* _DATA EXTRACTS_:
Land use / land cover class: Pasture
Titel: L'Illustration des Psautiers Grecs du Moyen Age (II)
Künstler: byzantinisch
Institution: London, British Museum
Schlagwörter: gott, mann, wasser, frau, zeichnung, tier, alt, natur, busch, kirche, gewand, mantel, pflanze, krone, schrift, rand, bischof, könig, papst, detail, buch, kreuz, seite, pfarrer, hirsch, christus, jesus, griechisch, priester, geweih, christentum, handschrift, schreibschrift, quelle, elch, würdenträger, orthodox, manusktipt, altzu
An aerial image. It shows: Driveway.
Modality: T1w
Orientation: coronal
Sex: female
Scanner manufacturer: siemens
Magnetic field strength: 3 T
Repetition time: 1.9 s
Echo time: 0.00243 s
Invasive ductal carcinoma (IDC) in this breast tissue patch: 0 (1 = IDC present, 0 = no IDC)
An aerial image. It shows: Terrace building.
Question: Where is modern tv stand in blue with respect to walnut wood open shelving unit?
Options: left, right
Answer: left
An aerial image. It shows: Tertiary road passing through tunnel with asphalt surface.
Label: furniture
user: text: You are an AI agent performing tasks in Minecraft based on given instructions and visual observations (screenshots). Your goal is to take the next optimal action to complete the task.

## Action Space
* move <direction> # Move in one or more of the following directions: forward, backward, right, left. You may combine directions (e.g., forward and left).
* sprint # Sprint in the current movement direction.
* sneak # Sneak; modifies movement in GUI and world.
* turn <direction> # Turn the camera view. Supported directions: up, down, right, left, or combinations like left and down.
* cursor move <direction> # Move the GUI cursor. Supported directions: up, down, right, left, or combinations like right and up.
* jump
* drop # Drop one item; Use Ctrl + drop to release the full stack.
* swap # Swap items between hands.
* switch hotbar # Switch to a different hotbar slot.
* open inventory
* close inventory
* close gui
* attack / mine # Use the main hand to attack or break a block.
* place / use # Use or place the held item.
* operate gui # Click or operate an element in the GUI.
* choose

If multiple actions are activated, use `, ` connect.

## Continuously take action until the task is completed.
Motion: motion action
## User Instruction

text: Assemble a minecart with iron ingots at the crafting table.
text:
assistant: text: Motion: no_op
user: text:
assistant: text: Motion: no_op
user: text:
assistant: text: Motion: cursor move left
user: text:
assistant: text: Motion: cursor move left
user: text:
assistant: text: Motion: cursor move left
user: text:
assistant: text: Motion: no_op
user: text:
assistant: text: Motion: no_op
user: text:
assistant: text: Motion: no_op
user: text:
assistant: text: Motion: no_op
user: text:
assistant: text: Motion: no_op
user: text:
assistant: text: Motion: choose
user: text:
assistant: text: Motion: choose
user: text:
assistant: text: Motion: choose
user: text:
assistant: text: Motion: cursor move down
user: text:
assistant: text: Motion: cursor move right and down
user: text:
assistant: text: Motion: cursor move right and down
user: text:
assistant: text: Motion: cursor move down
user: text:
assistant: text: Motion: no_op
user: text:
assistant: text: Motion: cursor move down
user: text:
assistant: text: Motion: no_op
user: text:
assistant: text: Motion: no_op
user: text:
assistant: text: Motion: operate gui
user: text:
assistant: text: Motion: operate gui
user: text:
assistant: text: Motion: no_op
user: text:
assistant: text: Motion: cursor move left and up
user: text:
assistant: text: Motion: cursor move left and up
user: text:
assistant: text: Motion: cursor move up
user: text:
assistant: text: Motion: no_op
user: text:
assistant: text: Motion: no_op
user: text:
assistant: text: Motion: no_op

* _WHAT TO PRODUCE_: Pick out the lines above containing the word "task", then copy them.

* _WRITTEN SOLUTION_:
user: text: You are an AI agent performing tasks in Minecraft based on given instructions and visual observations (screenshots). Your goal is to take the next optimal action to complete the task.
## Continuously take action until the task is completed.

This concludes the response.